INFORMATION SHOWN:
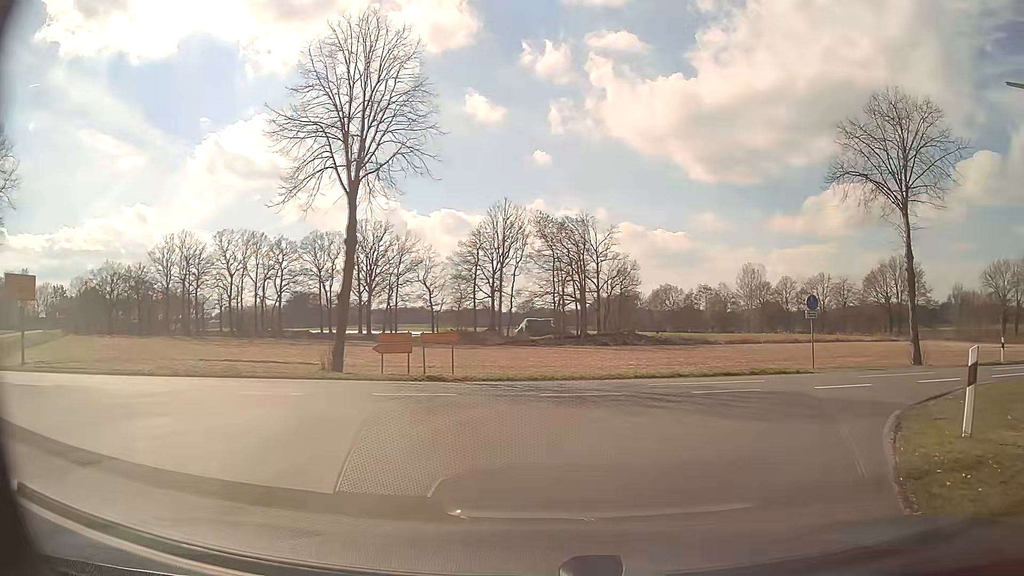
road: residential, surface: asphalt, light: Day
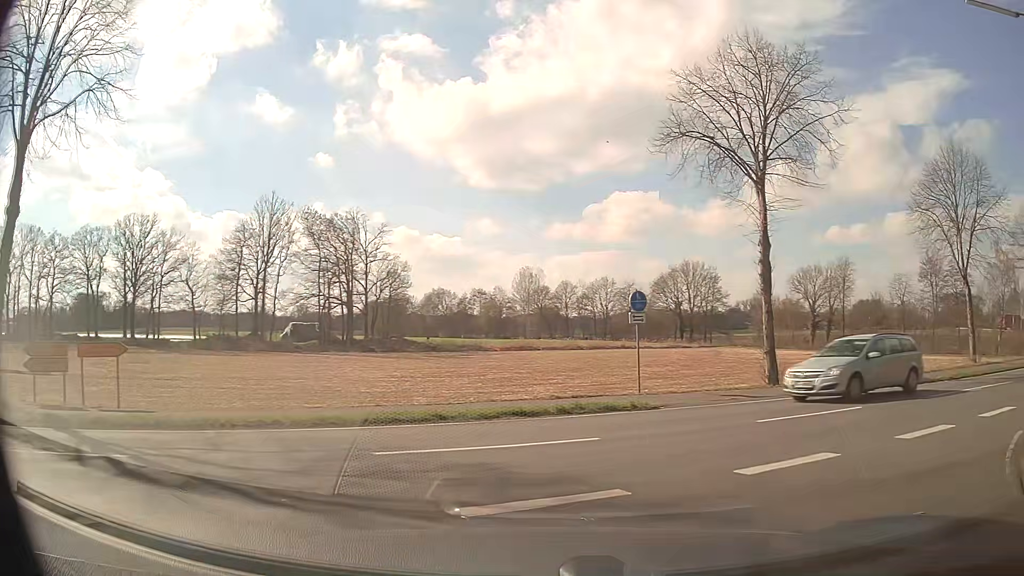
(+1.1, +8.2) m; +17°
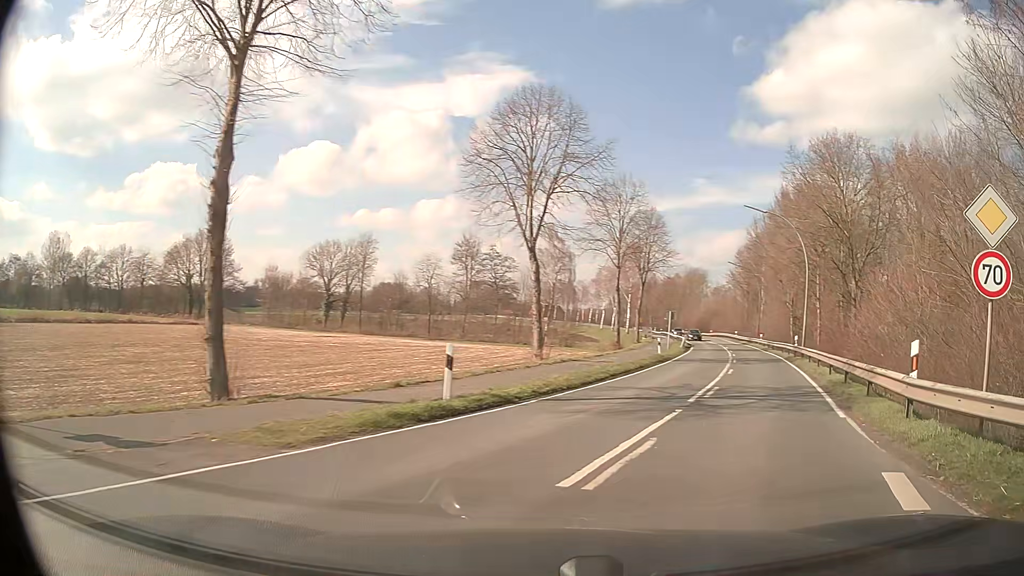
(+3.9, +9.9) m; +42°
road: secondary
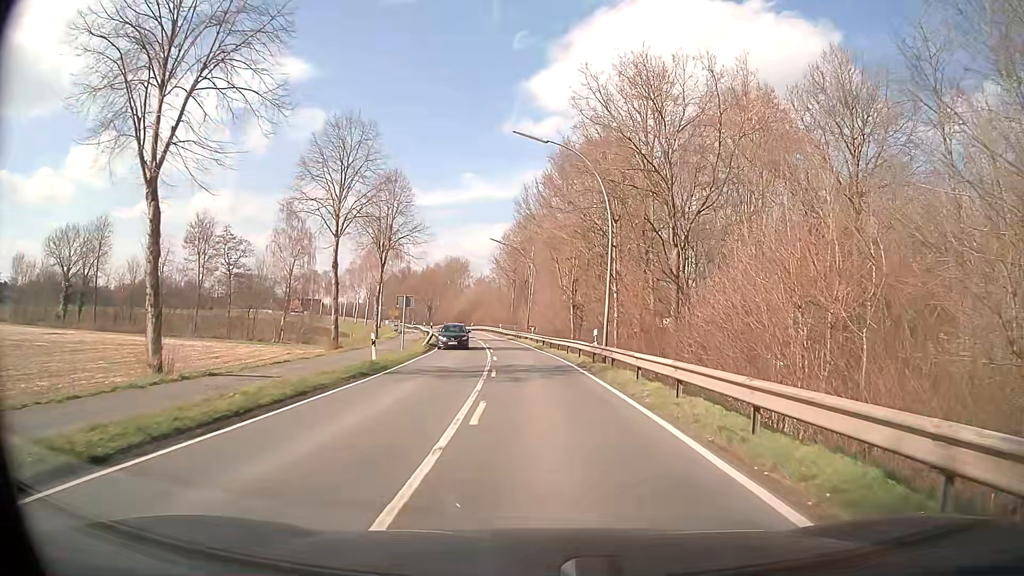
(+3.6, +14.2) m; +19°
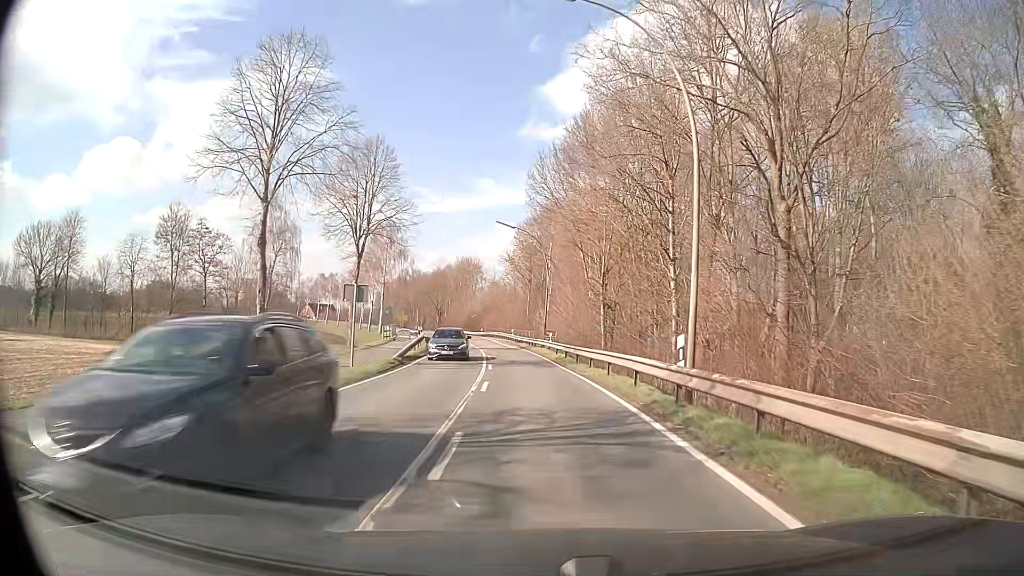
(-0.1, +12.8) m; -1°
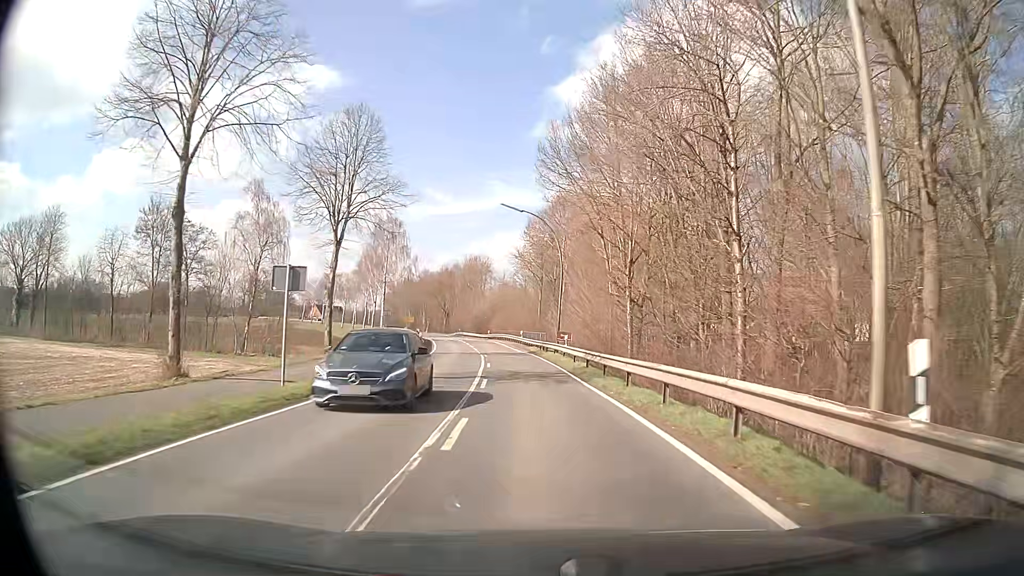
(-0.1, +7.6) m; -1°
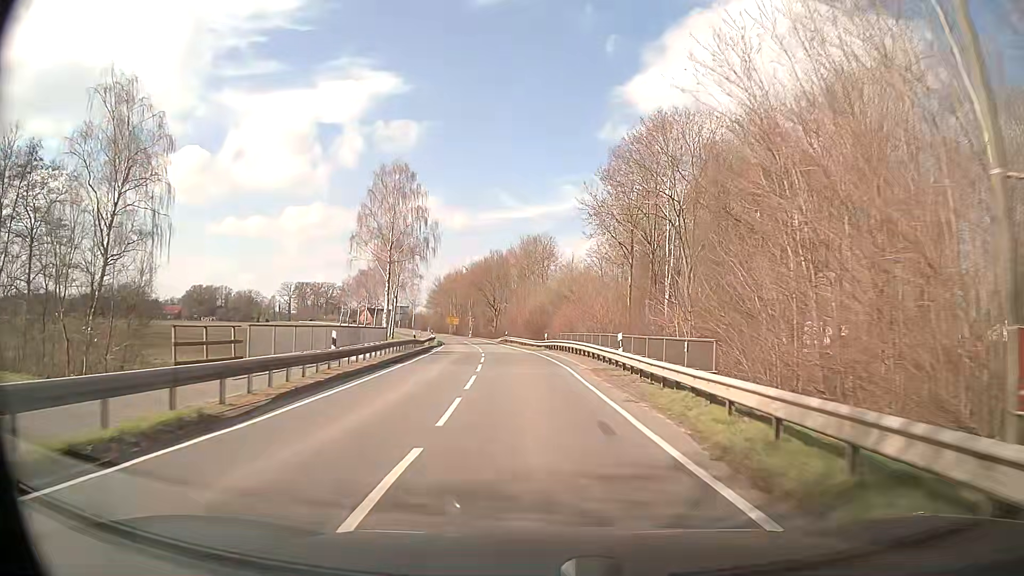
(-2.1, +37.4) m; -6°
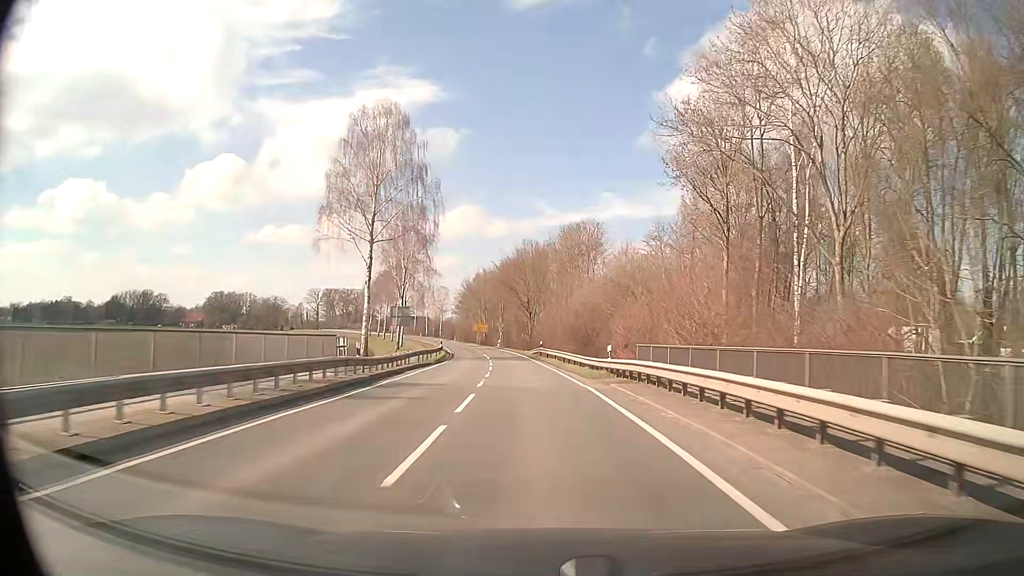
(-0.7, +21.7) m; -4°
(0, +10) (0, +20) (-1, +30) (-2, +40) (-3, +50) (-4, +60) (-5, +70) (-7, +80) (-9, +89) (-11, +99) m

REQUIRED ACTION: Beginning with the line that contains "road: secondary" in the data above, please copy each line exactly until the last line, both ends included, skipping any pictures.

EXERCISE RESULT:
road: secondary
(+3.6, +14.2) m; +19°
(-0.1, +12.8) m; -1°
(-0.1, +7.6) m; -1°
(-2.1, +37.4) m; -6°
(-0.7, +21.7) m; -4°
(0, +10) (0, +20) (-1, +30) (-2, +40) (-3, +50) (-4, +60) (-5, +70) (-7, +80) (-9, +89) (-11, +99) m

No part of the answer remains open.